(Provided data):
-----

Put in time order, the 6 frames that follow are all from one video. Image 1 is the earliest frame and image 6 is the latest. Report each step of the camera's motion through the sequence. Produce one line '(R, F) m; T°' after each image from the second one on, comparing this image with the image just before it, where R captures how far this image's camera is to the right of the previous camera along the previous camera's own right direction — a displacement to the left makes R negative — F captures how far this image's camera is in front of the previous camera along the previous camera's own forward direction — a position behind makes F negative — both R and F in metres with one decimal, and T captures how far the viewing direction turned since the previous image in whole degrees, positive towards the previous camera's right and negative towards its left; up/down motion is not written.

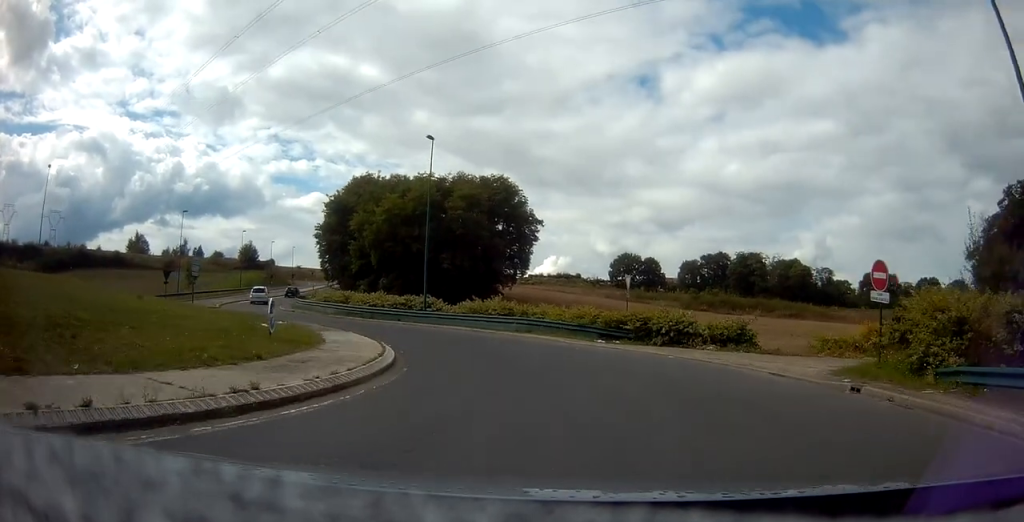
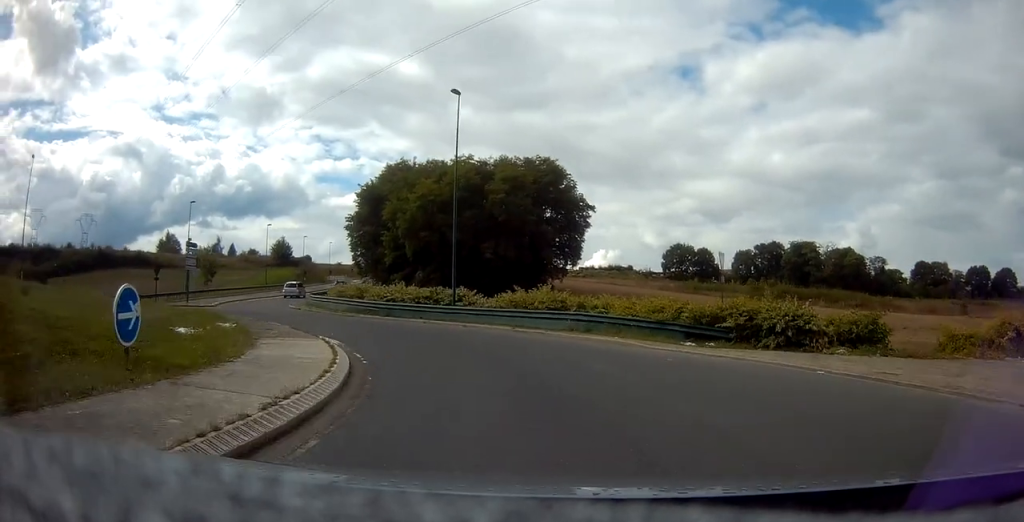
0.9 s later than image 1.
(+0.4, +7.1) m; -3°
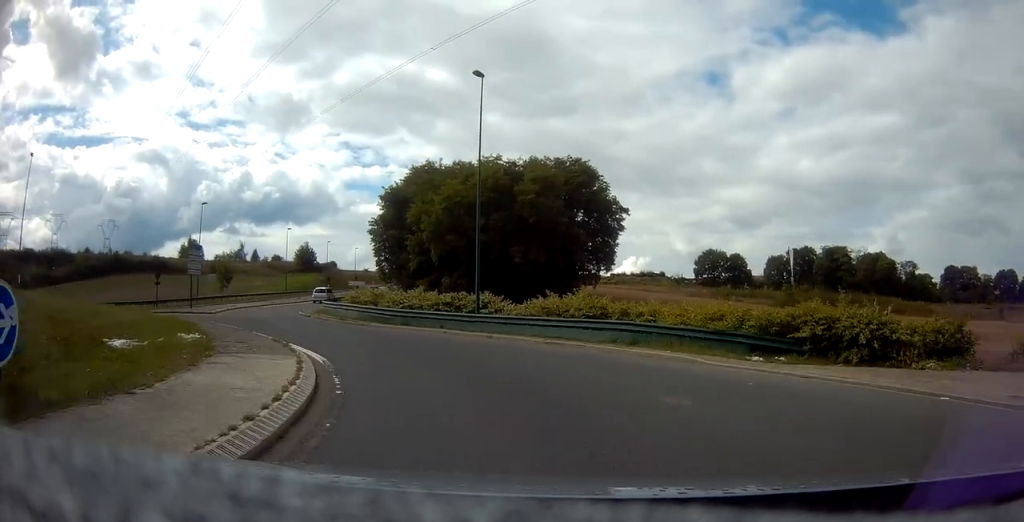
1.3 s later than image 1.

-----

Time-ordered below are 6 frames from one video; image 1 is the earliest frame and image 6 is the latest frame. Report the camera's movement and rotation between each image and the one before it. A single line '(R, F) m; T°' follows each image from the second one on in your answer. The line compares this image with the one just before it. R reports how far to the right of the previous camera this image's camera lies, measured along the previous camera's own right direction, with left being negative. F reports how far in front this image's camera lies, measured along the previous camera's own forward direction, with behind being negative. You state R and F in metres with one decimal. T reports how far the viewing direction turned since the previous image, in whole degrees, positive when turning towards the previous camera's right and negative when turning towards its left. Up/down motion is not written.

-----

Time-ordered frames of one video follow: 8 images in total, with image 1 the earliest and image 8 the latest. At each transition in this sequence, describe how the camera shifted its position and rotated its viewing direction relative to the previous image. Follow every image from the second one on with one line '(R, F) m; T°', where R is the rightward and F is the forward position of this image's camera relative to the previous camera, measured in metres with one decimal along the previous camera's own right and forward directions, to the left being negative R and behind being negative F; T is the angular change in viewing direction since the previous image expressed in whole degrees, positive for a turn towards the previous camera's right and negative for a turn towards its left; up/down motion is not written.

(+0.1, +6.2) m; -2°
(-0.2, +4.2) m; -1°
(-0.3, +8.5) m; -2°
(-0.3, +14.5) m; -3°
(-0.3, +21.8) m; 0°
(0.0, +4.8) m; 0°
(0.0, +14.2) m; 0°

-----

(Exercise goal): Search the material above for the word "turned", and return each line that holds it.

(Exercise output):
Put in time order, the 6 frames that follow are all from one video. Image 1 is the earliest frame and image 6 is the latest. Report each step of the camera's motion through the sequence. Produce one line '(R, F) m; T°' after each image from the second one on, comparing this image with the image just before it, where R captures how far this image's camera is to the right of the previous camera along the previous camera's own right direction — a displacement to the left makes R negative — F captures how far this image's camera is in front of the previous camera along the previous camera's own forward direction — a position behind makes F negative — both R and F in metres with one decimal, and T captures how far the viewing direction turned since the previous image in whole degrees, positive towards the previous camera's right and negative towards its left; up/down motion is not written.
Time-ordered below are 6 frames from one video; image 1 is the earliest frame and image 6 is the latest frame. Report the camera's movement and rotation between each image and the one before it. A single line '(R, F) m; T°' follows each image from the second one on in your answer. The line compares this image with the one just before it. R reports how far to the right of the previous camera this image's camera lies, measured along the previous camera's own right direction, with left being negative. F reports how far in front this image's camera lies, measured along the previous camera's own forward direction, with behind being negative. You state R and F in metres with one decimal. T reports how far the viewing direction turned since the previous image, in whole degrees, positive when turning towards the previous camera's right and negative when turning towards its left. Up/down motion is not written.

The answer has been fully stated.